§ **YOUR GOAL**:
In the entries below, find every line with "proportional" and copy it.

(Extracted records)
Segment Open

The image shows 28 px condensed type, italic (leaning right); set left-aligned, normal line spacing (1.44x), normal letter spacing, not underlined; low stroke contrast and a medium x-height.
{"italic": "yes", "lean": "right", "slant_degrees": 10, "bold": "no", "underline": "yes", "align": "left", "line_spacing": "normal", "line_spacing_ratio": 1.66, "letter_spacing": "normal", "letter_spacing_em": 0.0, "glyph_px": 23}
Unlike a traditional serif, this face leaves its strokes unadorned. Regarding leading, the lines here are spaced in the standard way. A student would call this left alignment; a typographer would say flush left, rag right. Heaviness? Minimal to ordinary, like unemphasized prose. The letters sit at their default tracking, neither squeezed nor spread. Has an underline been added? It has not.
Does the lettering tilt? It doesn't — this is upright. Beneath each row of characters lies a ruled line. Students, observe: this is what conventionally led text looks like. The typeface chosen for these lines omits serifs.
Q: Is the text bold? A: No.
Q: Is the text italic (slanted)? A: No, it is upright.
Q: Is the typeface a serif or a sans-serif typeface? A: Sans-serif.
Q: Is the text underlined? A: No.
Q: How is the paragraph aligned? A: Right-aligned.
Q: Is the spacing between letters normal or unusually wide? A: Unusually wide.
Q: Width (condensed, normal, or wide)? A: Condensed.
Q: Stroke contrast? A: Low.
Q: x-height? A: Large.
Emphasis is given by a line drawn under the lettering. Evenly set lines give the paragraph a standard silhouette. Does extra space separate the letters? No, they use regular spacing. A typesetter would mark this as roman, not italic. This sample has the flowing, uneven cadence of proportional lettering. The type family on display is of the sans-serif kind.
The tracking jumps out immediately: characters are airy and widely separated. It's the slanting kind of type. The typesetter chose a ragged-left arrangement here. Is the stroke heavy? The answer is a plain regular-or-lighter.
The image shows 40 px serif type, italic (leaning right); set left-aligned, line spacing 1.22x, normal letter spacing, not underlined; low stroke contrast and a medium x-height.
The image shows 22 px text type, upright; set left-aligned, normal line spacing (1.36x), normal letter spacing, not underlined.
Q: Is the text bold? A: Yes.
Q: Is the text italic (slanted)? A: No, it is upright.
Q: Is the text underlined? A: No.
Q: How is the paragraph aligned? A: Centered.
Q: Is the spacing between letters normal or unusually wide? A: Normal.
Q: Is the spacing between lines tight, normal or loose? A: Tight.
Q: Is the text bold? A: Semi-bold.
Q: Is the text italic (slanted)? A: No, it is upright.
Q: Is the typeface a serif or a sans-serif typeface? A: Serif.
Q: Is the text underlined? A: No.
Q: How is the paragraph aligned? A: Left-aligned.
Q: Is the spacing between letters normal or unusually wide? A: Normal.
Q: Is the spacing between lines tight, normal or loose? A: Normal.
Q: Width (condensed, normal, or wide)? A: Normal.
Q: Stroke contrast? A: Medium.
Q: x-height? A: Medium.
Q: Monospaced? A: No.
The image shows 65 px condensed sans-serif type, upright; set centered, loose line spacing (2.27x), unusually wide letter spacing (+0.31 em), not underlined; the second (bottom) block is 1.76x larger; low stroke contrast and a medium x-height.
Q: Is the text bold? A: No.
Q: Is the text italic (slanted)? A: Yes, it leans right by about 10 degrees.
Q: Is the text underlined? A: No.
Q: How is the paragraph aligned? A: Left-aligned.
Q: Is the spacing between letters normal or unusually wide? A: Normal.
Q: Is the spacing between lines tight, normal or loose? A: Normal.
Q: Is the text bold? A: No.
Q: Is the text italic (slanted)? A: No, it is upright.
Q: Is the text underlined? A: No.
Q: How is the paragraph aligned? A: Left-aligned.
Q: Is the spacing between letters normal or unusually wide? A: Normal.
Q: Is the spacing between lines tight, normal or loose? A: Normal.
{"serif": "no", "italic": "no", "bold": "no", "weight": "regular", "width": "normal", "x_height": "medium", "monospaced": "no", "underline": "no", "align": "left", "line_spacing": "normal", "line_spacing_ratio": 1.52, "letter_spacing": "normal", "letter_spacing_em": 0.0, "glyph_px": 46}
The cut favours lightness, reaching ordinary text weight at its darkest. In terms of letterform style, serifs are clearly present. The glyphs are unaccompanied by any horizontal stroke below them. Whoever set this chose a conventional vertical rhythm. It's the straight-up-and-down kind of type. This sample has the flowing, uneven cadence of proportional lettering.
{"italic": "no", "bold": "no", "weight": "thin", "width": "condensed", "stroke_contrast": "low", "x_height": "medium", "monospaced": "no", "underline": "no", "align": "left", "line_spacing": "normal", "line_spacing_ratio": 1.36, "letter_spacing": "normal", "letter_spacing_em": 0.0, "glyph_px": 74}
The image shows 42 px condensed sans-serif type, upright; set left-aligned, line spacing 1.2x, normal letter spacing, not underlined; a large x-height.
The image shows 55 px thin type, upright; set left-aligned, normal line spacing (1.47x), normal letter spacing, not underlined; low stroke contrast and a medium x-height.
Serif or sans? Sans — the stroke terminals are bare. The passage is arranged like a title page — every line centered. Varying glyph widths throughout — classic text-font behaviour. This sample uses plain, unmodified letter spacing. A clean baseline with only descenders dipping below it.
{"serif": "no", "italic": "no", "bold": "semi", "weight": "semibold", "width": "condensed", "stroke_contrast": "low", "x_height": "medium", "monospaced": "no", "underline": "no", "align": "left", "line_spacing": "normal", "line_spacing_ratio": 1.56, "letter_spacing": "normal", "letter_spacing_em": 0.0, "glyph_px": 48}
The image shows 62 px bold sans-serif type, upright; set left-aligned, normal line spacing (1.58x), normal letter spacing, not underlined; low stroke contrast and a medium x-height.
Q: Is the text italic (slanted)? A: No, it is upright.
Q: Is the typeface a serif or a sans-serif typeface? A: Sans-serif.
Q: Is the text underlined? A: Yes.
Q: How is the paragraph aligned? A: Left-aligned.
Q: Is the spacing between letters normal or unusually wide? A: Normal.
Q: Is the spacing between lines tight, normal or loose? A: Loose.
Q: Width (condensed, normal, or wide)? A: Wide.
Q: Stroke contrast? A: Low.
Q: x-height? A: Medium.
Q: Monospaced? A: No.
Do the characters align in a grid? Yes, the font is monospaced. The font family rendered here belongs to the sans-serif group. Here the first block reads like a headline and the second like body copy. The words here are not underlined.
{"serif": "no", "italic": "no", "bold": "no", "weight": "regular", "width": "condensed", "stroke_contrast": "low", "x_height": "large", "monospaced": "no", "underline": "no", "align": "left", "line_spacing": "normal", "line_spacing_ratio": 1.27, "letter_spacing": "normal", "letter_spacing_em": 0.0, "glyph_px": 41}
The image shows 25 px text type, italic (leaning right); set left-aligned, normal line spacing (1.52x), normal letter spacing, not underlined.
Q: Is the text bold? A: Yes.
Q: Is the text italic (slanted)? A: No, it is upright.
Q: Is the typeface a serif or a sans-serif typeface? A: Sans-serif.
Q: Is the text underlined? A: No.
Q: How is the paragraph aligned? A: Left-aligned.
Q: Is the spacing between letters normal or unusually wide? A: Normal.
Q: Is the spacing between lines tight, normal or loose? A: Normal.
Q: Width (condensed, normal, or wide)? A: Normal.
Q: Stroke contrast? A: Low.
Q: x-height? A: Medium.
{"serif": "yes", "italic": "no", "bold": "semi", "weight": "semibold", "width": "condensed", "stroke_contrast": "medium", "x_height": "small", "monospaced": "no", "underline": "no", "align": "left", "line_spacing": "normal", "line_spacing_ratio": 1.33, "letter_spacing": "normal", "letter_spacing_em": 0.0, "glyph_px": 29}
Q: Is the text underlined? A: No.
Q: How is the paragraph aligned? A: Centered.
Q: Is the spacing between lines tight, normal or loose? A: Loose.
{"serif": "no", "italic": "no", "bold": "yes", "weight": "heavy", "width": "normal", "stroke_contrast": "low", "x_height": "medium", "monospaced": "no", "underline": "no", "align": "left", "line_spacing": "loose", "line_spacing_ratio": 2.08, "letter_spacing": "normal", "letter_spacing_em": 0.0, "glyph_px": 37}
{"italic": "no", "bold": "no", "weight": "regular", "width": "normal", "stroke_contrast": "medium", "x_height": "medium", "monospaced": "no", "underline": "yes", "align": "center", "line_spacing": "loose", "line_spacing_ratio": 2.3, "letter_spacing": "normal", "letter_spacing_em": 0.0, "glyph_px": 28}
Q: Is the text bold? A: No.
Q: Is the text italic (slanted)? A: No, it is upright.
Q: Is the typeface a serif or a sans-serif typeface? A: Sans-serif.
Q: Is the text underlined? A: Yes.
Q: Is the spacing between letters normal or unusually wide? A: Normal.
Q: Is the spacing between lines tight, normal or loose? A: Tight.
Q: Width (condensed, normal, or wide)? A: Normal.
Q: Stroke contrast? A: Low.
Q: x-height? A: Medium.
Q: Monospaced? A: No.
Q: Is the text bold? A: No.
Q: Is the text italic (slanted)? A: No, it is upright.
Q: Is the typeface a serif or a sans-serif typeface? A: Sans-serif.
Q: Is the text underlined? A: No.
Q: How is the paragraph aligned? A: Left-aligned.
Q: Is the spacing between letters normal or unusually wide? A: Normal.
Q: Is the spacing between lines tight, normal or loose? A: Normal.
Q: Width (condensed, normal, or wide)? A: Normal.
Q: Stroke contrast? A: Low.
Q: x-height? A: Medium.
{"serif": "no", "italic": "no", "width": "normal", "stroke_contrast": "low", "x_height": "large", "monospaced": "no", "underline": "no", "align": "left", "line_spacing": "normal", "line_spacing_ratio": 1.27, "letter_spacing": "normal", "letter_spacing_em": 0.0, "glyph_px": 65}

Segment Closed

§ **ANSWER TO THE PROBLEM**:
Emphasis is given by a line drawn under the lettering. Evenly set lines give the paragraph a standard silhouette. Does extra space separate the letters? No, they use regular spacing. A typesetter would mark this as roman, not italic. This sample has the flowing, uneven cadence of proportional lettering. The type family on display is of the sans-serif kind.
The cut favours lightness, reaching ordinary text weight at its darkest. In terms of letterform style, serifs are clearly present. The glyphs are unaccompanied by any horizontal stroke below them. Whoever set this chose a conventional vertical rhythm. It's the straight-up-and-down kind of type. This sample has the flowing, uneven cadence of proportional lettering.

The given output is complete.